A footman appeared at the door. “The Earl of Stourton has arrived, Miss Forth.”
Henry turned and swallowed against a sudden sense of anger in his throat. But why anger?
Jealousy. It was the emotion Alethea had wanted him to feel.
He had no reason to be jealous of Alethea, though, and yet… He had always thought of Alethea as his. Like a damned possession… Who was he?
Who had he been?
An arrogant, careless, reckless fool.
Susan walked past him as a maid entered the room holding two bonnets, in the wake of an older man.
Henry’s gaze followed Susan, she had seen his emotion. Her posture had stiffened. He wanted to grasp her arm, to stop her and tell her it was no more than habit, a familiarity. It was not because he cared more for Alethea. But Susan took her bonnet and shawl and walked out into the hall.

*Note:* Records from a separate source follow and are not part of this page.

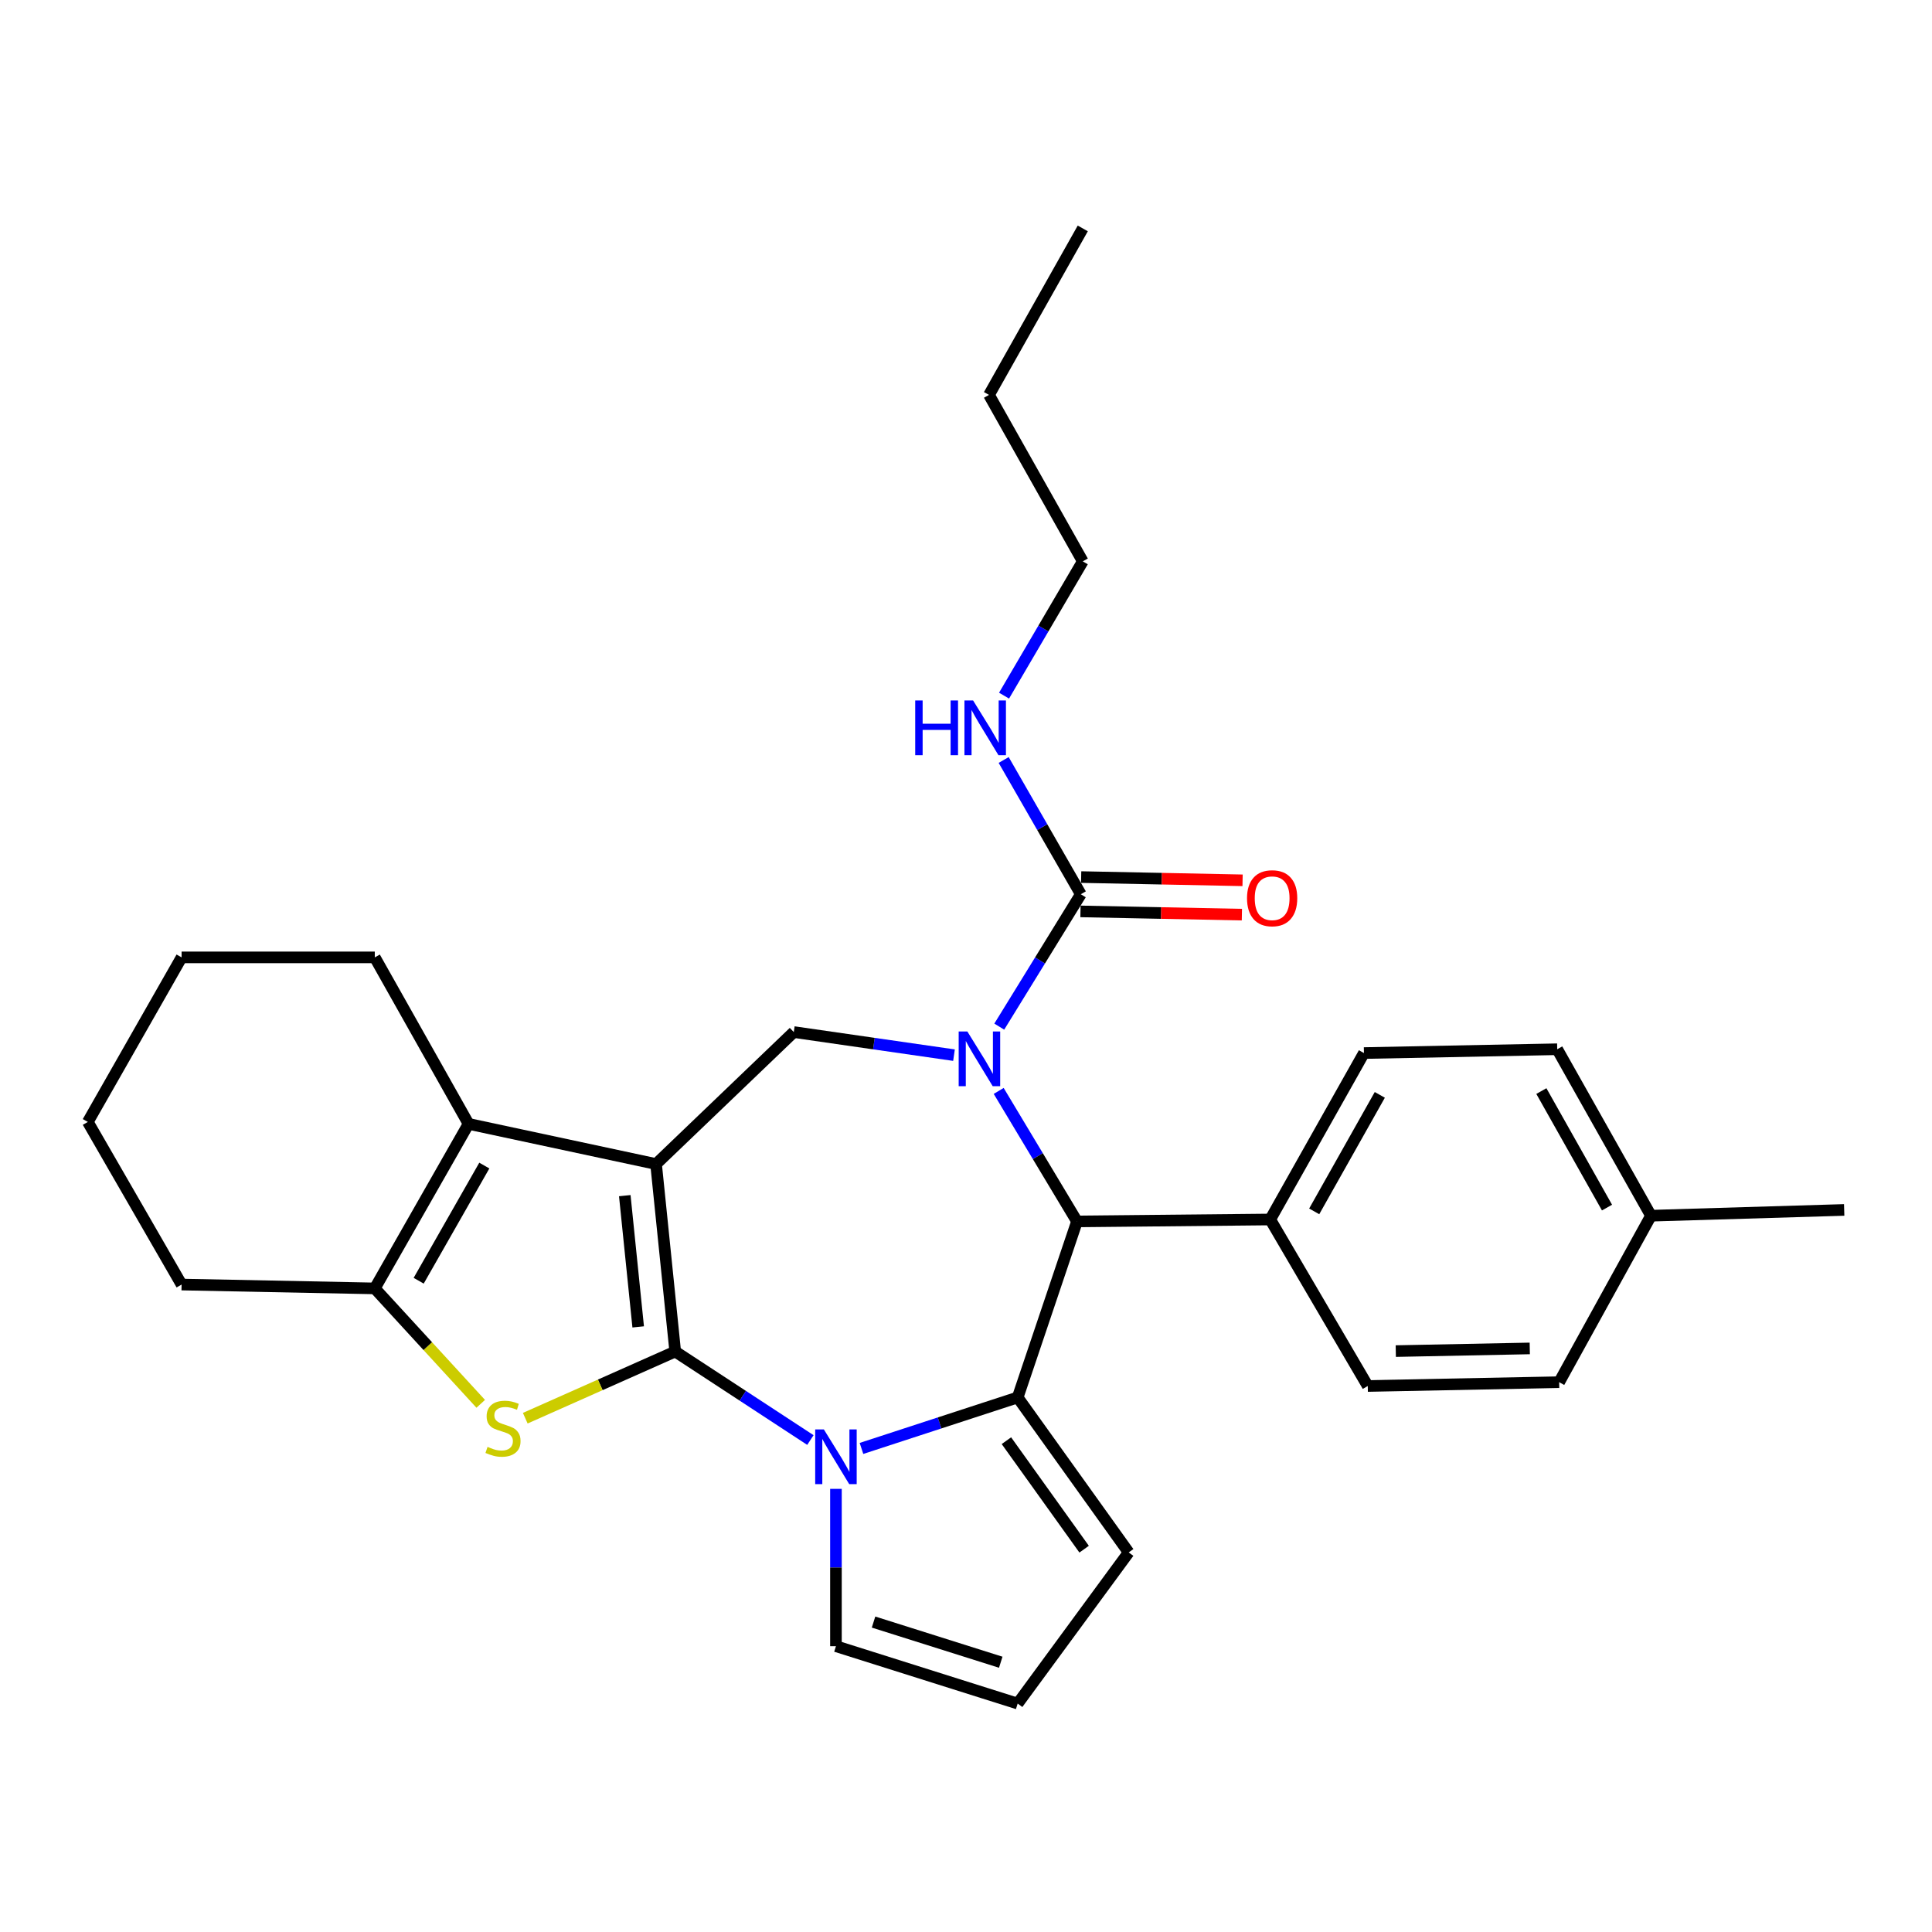 <?xml version='1.0' encoding='iso-8859-1'?>
<svg version='1.1' baseProfile='full'
              xmlns='http://www.w3.org/2000/svg'
                      xmlns:rdkit='http://www.rdkit.org/xml'
                      xmlns:xlink='http://www.w3.org/1999/xlink'
                  xml:space='preserve'
width='1000px' height='1000px' viewBox='0 0 1000 1000'>
<!-- END OF HEADER -->
<rect style='opacity:1.0;fill:#FFFFFF;stroke:none' width='1000' height='1000' x='0' y='0'> </rect>
<path class='bond-0' d='M 349.492,699.549 L 339.579,602.504' style='fill:none;fill-rule:evenodd;stroke:#000000;stroke-width:6px;stroke-linecap:butt;stroke-linejoin:miter;stroke-opacity:1' />
<path class='bond-0' d='M 330.325,686.798 L 323.386,618.867' style='fill:none;fill-rule:evenodd;stroke:#000000;stroke-width:6px;stroke-linecap:butt;stroke-linejoin:miter;stroke-opacity:1' />
<path class='bond-1' d='M 349.492,699.549 L 384.475,722.454' style='fill:none;fill-rule:evenodd;stroke:#000000;stroke-width:6px;stroke-linecap:butt;stroke-linejoin:miter;stroke-opacity:1' />
<path class='bond-1' d='M 384.475,722.454 L 419.458,745.36' style='fill:none;fill-rule:evenodd;stroke:#0000FF;stroke-width:6px;stroke-linecap:butt;stroke-linejoin:miter;stroke-opacity:1' />
<path class='bond-4' d='M 349.492,699.549 L 310.683,716.804' style='fill:none;fill-rule:evenodd;stroke:#000000;stroke-width:6px;stroke-linecap:butt;stroke-linejoin:miter;stroke-opacity:1' />
<path class='bond-4' d='M 310.683,716.804 L 271.875,734.058' style='fill:none;fill-rule:evenodd;stroke:#CCCC00;stroke-width:6px;stroke-linecap:butt;stroke-linejoin:miter;stroke-opacity:1' />
<path class='bond-5' d='M 339.579,602.504 L 242.525,581.721' style='fill:none;fill-rule:evenodd;stroke:#000000;stroke-width:6px;stroke-linecap:butt;stroke-linejoin:miter;stroke-opacity:1' />
<path class='bond-7' d='M 339.579,602.504 L 410.864,534.191' style='fill:none;fill-rule:evenodd;stroke:#000000;stroke-width:6px;stroke-linecap:butt;stroke-linejoin:miter;stroke-opacity:1' />
<path class='bond-3' d='M 445.898,749.706 L 486.322,736.51' style='fill:none;fill-rule:evenodd;stroke:#0000FF;stroke-width:6px;stroke-linecap:butt;stroke-linejoin:miter;stroke-opacity:1' />
<path class='bond-3' d='M 486.322,736.51 L 526.747,723.314' style='fill:none;fill-rule:evenodd;stroke:#000000;stroke-width:6px;stroke-linecap:butt;stroke-linejoin:miter;stroke-opacity:1' />
<path class='bond-10' d='M 432.684,770.631 L 432.684,811.351' style='fill:none;fill-rule:evenodd;stroke:#0000FF;stroke-width:6px;stroke-linecap:butt;stroke-linejoin:miter;stroke-opacity:1' />
<path class='bond-10' d='M 432.684,811.351 L 432.684,852.071' style='fill:none;fill-rule:evenodd;stroke:#000000;stroke-width:6px;stroke-linecap:butt;stroke-linejoin:miter;stroke-opacity:1' />
<path class='bond-2' d='M 493.784,546.145 L 452.324,540.168' style='fill:none;fill-rule:evenodd;stroke:#0000FF;stroke-width:6px;stroke-linecap:butt;stroke-linejoin:miter;stroke-opacity:1' />
<path class='bond-2' d='M 452.324,540.168 L 410.864,534.191' style='fill:none;fill-rule:evenodd;stroke:#000000;stroke-width:6px;stroke-linecap:butt;stroke-linejoin:miter;stroke-opacity:1' />
<path class='bond-9' d='M 517.214,531.382 L 538.321,497.119' style='fill:none;fill-rule:evenodd;stroke:#0000FF;stroke-width:6px;stroke-linecap:butt;stroke-linejoin:miter;stroke-opacity:1' />
<path class='bond-9' d='M 538.321,497.119 L 559.427,462.857' style='fill:none;fill-rule:evenodd;stroke:#000000;stroke-width:6px;stroke-linecap:butt;stroke-linejoin:miter;stroke-opacity:1' />
<path class='bond-31' d='M 516.92,564.657 L 537.186,598.43' style='fill:none;fill-rule:evenodd;stroke:#0000FF;stroke-width:6px;stroke-linecap:butt;stroke-linejoin:miter;stroke-opacity:1' />
<path class='bond-31' d='M 537.186,598.43 L 557.453,632.203' style='fill:none;fill-rule:evenodd;stroke:#000000;stroke-width:6px;stroke-linecap:butt;stroke-linejoin:miter;stroke-opacity:1' />
<path class='bond-6' d='M 526.747,723.314 L 557.453,632.203' style='fill:none;fill-rule:evenodd;stroke:#000000;stroke-width:6px;stroke-linecap:butt;stroke-linejoin:miter;stroke-opacity:1' />
<path class='bond-11' d='M 526.747,723.314 L 584.209,803.534' style='fill:none;fill-rule:evenodd;stroke:#000000;stroke-width:6px;stroke-linecap:butt;stroke-linejoin:miter;stroke-opacity:1' />
<path class='bond-11' d='M 520.918,745.696 L 561.142,801.85' style='fill:none;fill-rule:evenodd;stroke:#000000;stroke-width:6px;stroke-linecap:butt;stroke-linejoin:miter;stroke-opacity:1' />
<path class='bond-8' d='M 248.822,726.615 L 221.405,696.747' style='fill:none;fill-rule:evenodd;stroke:#CCCC00;stroke-width:6px;stroke-linecap:butt;stroke-linejoin:miter;stroke-opacity:1' />
<path class='bond-8' d='M 221.405,696.747 L 193.988,666.878' style='fill:none;fill-rule:evenodd;stroke:#000000;stroke-width:6px;stroke-linecap:butt;stroke-linejoin:miter;stroke-opacity:1' />
<path class='bond-18' d='M 242.525,581.721 L 193.988,495.537' style='fill:none;fill-rule:evenodd;stroke:#000000;stroke-width:6px;stroke-linecap:butt;stroke-linejoin:miter;stroke-opacity:1' />
<path class='bond-29' d='M 242.525,581.721 L 193.988,666.878' style='fill:none;fill-rule:evenodd;stroke:#000000;stroke-width:6px;stroke-linecap:butt;stroke-linejoin:miter;stroke-opacity:1' />
<path class='bond-29' d='M 250.684,603.295 L 216.709,662.905' style='fill:none;fill-rule:evenodd;stroke:#000000;stroke-width:6px;stroke-linecap:butt;stroke-linejoin:miter;stroke-opacity:1' />
<path class='bond-12' d='M 557.453,632.203 L 657.469,631.206' style='fill:none;fill-rule:evenodd;stroke:#000000;stroke-width:6px;stroke-linecap:butt;stroke-linejoin:miter;stroke-opacity:1' />
<path class='bond-22' d='M 193.988,666.878 L 93.992,664.884' style='fill:none;fill-rule:evenodd;stroke:#000000;stroke-width:6px;stroke-linecap:butt;stroke-linejoin:miter;stroke-opacity:1' />
<path class='bond-14' d='M 559.249,471.741 L 601.025,472.578' style='fill:none;fill-rule:evenodd;stroke:#000000;stroke-width:6px;stroke-linecap:butt;stroke-linejoin:miter;stroke-opacity:1' />
<path class='bond-14' d='M 601.025,472.578 L 642.802,473.415' style='fill:none;fill-rule:evenodd;stroke:#FF0000;stroke-width:6px;stroke-linecap:butt;stroke-linejoin:miter;stroke-opacity:1' />
<path class='bond-14' d='M 559.605,453.973 L 601.382,454.81' style='fill:none;fill-rule:evenodd;stroke:#000000;stroke-width:6px;stroke-linecap:butt;stroke-linejoin:miter;stroke-opacity:1' />
<path class='bond-14' d='M 601.382,454.81 L 643.158,455.647' style='fill:none;fill-rule:evenodd;stroke:#FF0000;stroke-width:6px;stroke-linecap:butt;stroke-linejoin:miter;stroke-opacity:1' />
<path class='bond-15' d='M 559.427,462.857 L 539.462,428.111' style='fill:none;fill-rule:evenodd;stroke:#000000;stroke-width:6px;stroke-linecap:butt;stroke-linejoin:miter;stroke-opacity:1' />
<path class='bond-15' d='M 539.462,428.111 L 519.496,393.366' style='fill:none;fill-rule:evenodd;stroke:#0000FF;stroke-width:6px;stroke-linecap:butt;stroke-linejoin:miter;stroke-opacity:1' />
<path class='bond-13' d='M 432.684,852.071 L 526.747,881.77' style='fill:none;fill-rule:evenodd;stroke:#000000;stroke-width:6px;stroke-linecap:butt;stroke-linejoin:miter;stroke-opacity:1' />
<path class='bond-13' d='M 452.144,839.578 L 517.988,860.368' style='fill:none;fill-rule:evenodd;stroke:#000000;stroke-width:6px;stroke-linecap:butt;stroke-linejoin:miter;stroke-opacity:1' />
<path class='bond-30' d='M 584.209,803.534 L 526.747,881.77' style='fill:none;fill-rule:evenodd;stroke:#000000;stroke-width:6px;stroke-linecap:butt;stroke-linejoin:miter;stroke-opacity:1' />
<path class='bond-16' d='M 657.469,631.206 L 705.976,545.062' style='fill:none;fill-rule:evenodd;stroke:#000000;stroke-width:6px;stroke-linecap:butt;stroke-linejoin:miter;stroke-opacity:1' />
<path class='bond-16' d='M 680.23,627.004 L 714.186,566.703' style='fill:none;fill-rule:evenodd;stroke:#000000;stroke-width:6px;stroke-linecap:butt;stroke-linejoin:miter;stroke-opacity:1' />
<path class='bond-17' d='M 657.469,631.206 L 707.951,717.39' style='fill:none;fill-rule:evenodd;stroke:#000000;stroke-width:6px;stroke-linecap:butt;stroke-linejoin:miter;stroke-opacity:1' />
<path class='bond-23' d='M 519.697,360.065 L 540.071,325.312' style='fill:none;fill-rule:evenodd;stroke:#0000FF;stroke-width:6px;stroke-linecap:butt;stroke-linejoin:miter;stroke-opacity:1' />
<path class='bond-23' d='M 540.071,325.312 L 560.444,290.558' style='fill:none;fill-rule:evenodd;stroke:#000000;stroke-width:6px;stroke-linecap:butt;stroke-linejoin:miter;stroke-opacity:1' />
<path class='bond-19' d='M 705.976,545.062 L 806.012,543.087' style='fill:none;fill-rule:evenodd;stroke:#000000;stroke-width:6px;stroke-linecap:butt;stroke-linejoin:miter;stroke-opacity:1' />
<path class='bond-20' d='M 707.951,717.39 L 807.019,715.415' style='fill:none;fill-rule:evenodd;stroke:#000000;stroke-width:6px;stroke-linecap:butt;stroke-linejoin:miter;stroke-opacity:1' />
<path class='bond-20' d='M 722.457,699.325 L 791.805,697.943' style='fill:none;fill-rule:evenodd;stroke:#000000;stroke-width:6px;stroke-linecap:butt;stroke-linejoin:miter;stroke-opacity:1' />
<path class='bond-26' d='M 193.988,495.537 L 93.992,495.537' style='fill:none;fill-rule:evenodd;stroke:#000000;stroke-width:6px;stroke-linecap:butt;stroke-linejoin:miter;stroke-opacity:1' />
<path class='bond-33' d='M 806.012,543.087 L 854.549,629.251' style='fill:none;fill-rule:evenodd;stroke:#000000;stroke-width:6px;stroke-linecap:butt;stroke-linejoin:miter;stroke-opacity:1' />
<path class='bond-33' d='M 797.808,564.734 L 831.784,625.049' style='fill:none;fill-rule:evenodd;stroke:#000000;stroke-width:6px;stroke-linecap:butt;stroke-linejoin:miter;stroke-opacity:1' />
<path class='bond-21' d='M 807.019,715.415 L 854.549,629.251' style='fill:none;fill-rule:evenodd;stroke:#000000;stroke-width:6px;stroke-linecap:butt;stroke-linejoin:miter;stroke-opacity:1' />
<path class='bond-24' d='M 854.549,629.251 L 954.545,626.259' style='fill:none;fill-rule:evenodd;stroke:#000000;stroke-width:6px;stroke-linecap:butt;stroke-linejoin:miter;stroke-opacity:1' />
<path class='bond-27' d='M 93.992,664.884 L 45.455,580.714' style='fill:none;fill-rule:evenodd;stroke:#000000;stroke-width:6px;stroke-linecap:butt;stroke-linejoin:miter;stroke-opacity:1' />
<path class='bond-25' d='M 560.444,290.558 L 511.907,204.404' style='fill:none;fill-rule:evenodd;stroke:#000000;stroke-width:6px;stroke-linecap:butt;stroke-linejoin:miter;stroke-opacity:1' />
<path class='bond-28' d='M 511.907,204.404 L 560.444,118.23' style='fill:none;fill-rule:evenodd;stroke:#000000;stroke-width:6px;stroke-linecap:butt;stroke-linejoin:miter;stroke-opacity:1' />
<path class='bond-32' d='M 93.992,495.537 L 45.455,580.714' style='fill:none;fill-rule:evenodd;stroke:#000000;stroke-width:6px;stroke-linecap:butt;stroke-linejoin:miter;stroke-opacity:1' />
<path  class='atom-2' d='M 426.424 739.859
L 435.704 754.859
Q 436.624 756.339, 438.104 759.019
Q 439.584 761.699, 439.664 761.859
L 439.664 739.859
L 443.424 739.859
L 443.424 768.179
L 439.544 768.179
L 429.584 751.779
Q 428.424 749.859, 427.184 747.659
Q 425.984 745.459, 425.624 744.779
L 425.624 768.179
L 421.944 768.179
L 421.944 739.859
L 426.424 739.859
' fill='#0000FF'/>
<path  class='atom-3' d='M 500.691 533.883
L 509.971 548.883
Q 510.891 550.363, 512.371 553.043
Q 513.851 555.723, 513.931 555.883
L 513.931 533.883
L 517.691 533.883
L 517.691 562.203
L 513.811 562.203
L 503.851 545.803
Q 502.691 543.883, 501.451 541.683
Q 500.251 539.483, 499.891 538.803
L 499.891 562.203
L 496.211 562.203
L 496.211 533.883
L 500.691 533.883
' fill='#0000FF'/>
<path  class='atom-5' d='M 252.356 748.9
Q 252.676 749.02, 253.996 749.58
Q 255.316 750.14, 256.756 750.5
Q 258.236 750.82, 259.676 750.82
Q 262.356 750.82, 263.916 749.54
Q 265.476 748.22, 265.476 745.94
Q 265.476 744.38, 264.676 743.42
Q 263.916 742.46, 262.716 741.94
Q 261.516 741.42, 259.516 740.82
Q 256.996 740.06, 255.476 739.34
Q 253.996 738.62, 252.916 737.1
Q 251.876 735.58, 251.876 733.02
Q 251.876 729.46, 254.276 727.26
Q 256.716 725.06, 261.516 725.06
Q 264.796 725.06, 268.516 726.62
L 267.596 729.7
Q 264.196 728.3, 261.636 728.3
Q 258.876 728.3, 257.356 729.46
Q 255.836 730.58, 255.876 732.54
Q 255.876 734.06, 256.636 734.98
Q 257.436 735.9, 258.556 736.42
Q 259.716 736.94, 261.636 737.54
Q 264.196 738.34, 265.716 739.14
Q 267.236 739.94, 268.316 741.58
Q 269.436 743.18, 269.436 745.94
Q 269.436 749.86, 266.796 751.98
Q 264.196 754.06, 259.836 754.06
Q 257.316 754.06, 255.396 753.5
Q 253.516 752.98, 251.276 752.06
L 252.356 748.9
' fill='#CCCC00'/>
<path  class='atom-15' d='M 645.456 464.921
Q 645.456 458.121, 648.816 454.321
Q 652.176 450.521, 658.456 450.521
Q 664.736 450.521, 668.096 454.321
Q 671.456 458.121, 671.456 464.921
Q 671.456 471.801, 668.056 475.721
Q 664.656 479.601, 658.456 479.601
Q 652.216 479.601, 648.816 475.721
Q 645.456 471.841, 645.456 464.921
M 658.456 476.401
Q 662.776 476.401, 665.096 473.521
Q 667.456 470.601, 667.456 464.921
Q 667.456 459.361, 665.096 456.561
Q 662.776 453.721, 658.456 453.721
Q 654.136 453.721, 651.776 456.521
Q 649.456 459.321, 649.456 464.921
Q 649.456 470.641, 651.776 473.521
Q 654.136 476.401, 658.456 476.401
' fill='#FF0000'/>
<path  class='atom-16' d='M 473.713 362.562
L 477.553 362.562
L 477.553 374.602
L 492.033 374.602
L 492.033 362.562
L 495.873 362.562
L 495.873 390.882
L 492.033 390.882
L 492.033 377.802
L 477.553 377.802
L 477.553 390.882
L 473.713 390.882
L 473.713 362.562
' fill='#0000FF'/>
<path  class='atom-16' d='M 503.673 362.562
L 512.953 377.562
Q 513.873 379.042, 515.353 381.722
Q 516.833 384.402, 516.913 384.562
L 516.913 362.562
L 520.673 362.562
L 520.673 390.882
L 516.793 390.882
L 506.833 374.482
Q 505.673 372.562, 504.433 370.362
Q 503.233 368.162, 502.873 367.482
L 502.873 390.882
L 499.193 390.882
L 499.193 362.562
L 503.673 362.562
' fill='#0000FF'/>
</svg>

“Lord Stourton, this is Lord Henry Marlow,” Henry turned as Alethea looked from the man to him. Henry had seen him before but never been introduced. “My Lord,” she said to Henry, “have you met the Earl of Stourton?” Her voice dripped with a snide sort of pride as she waved her trophy at him. Look what I might achieve without you, Henry—was the message in her eyes.
So what? He was not jealous. He was glad, if she had another choice it would ease the upset when he told her the truth. He looked at Stourton and held out his hand then bent his head a little, as Stourton did the same. “Good-day, sir. It is a pleasure to meet you, and a fair day for a ride out. Myself and Susan are to follow you in my carriage.”
Stourton’s eyes narrowed ever so slightly, it was barely notable, and the muscle at the edge of his lips twitched on one side in the moment before he spoke. “Lord Marlow. That will make the drive more entertaining.” Disdain hissed through the pitch of the man’s voice.
“I shall g
o and ensure Susan is ready.” Henry turned and left the room.
What had Alethea said to him? Did he think Henry a rival? Did he know of their supposed engagement? Or had he heard rumours of Henry’s reputation?
Whatever the man knew, he did not like Henry, just as Henry was starting to dislike himself.
When Henry walked into the hall Susan was looking at the drawing room door. She had probably listened to their conversation. Her head turned away, hiding her face behind the broad rim of her bonnet, as her body was now hidden beneath a large loose shawl.
Alethea followed him out, on the arm of her new beau, and she smiled as she passed Henry with another look that sought to ignite his jealousy. He hoped she had not seen his first reaction. If she had it must have misled her. His heart hovered across the room, amidst the air another woman breathed.
“Are you ready, Susan?” He asked as Alethea put on her bonnet.
Susan glanced at him, her grey eyes looking very directly into his. “Yes.” She was scared of this—scared of speaking to him.
The rhythm of his heart lifted in pace. He was suddenly scared too. Scared of what was happening to him, the emotion that was gathering.
As soon as Alethea had tied the ribbons of her bonnet, the front door was opened by a footman. Susan walked forward, as though she was avoiding the chance that he might offer her his arm.
He wished to yell at her. You did not refuse my kiss!
She was acting as though this madness was solely his. It was not, she had responded. She had kissed him with passion. Yet that argument could wait until they were in his curricle.
Before he could follow, Alethea walked ahead of Susan, probably to ensure that Henry had a good view of her with Stourton.
Susan let her sister pass.
He would have lifted his arm to Susan in that moment, but out of sight of her sister she made a bitter face at him, before turning to walk outside.
Yet—she had kissed him.
Susan walked down the steps ahead of him.
Alethea laughed exuberantly as her earl clasped her hand and held on to it while she climbed up into his carriage.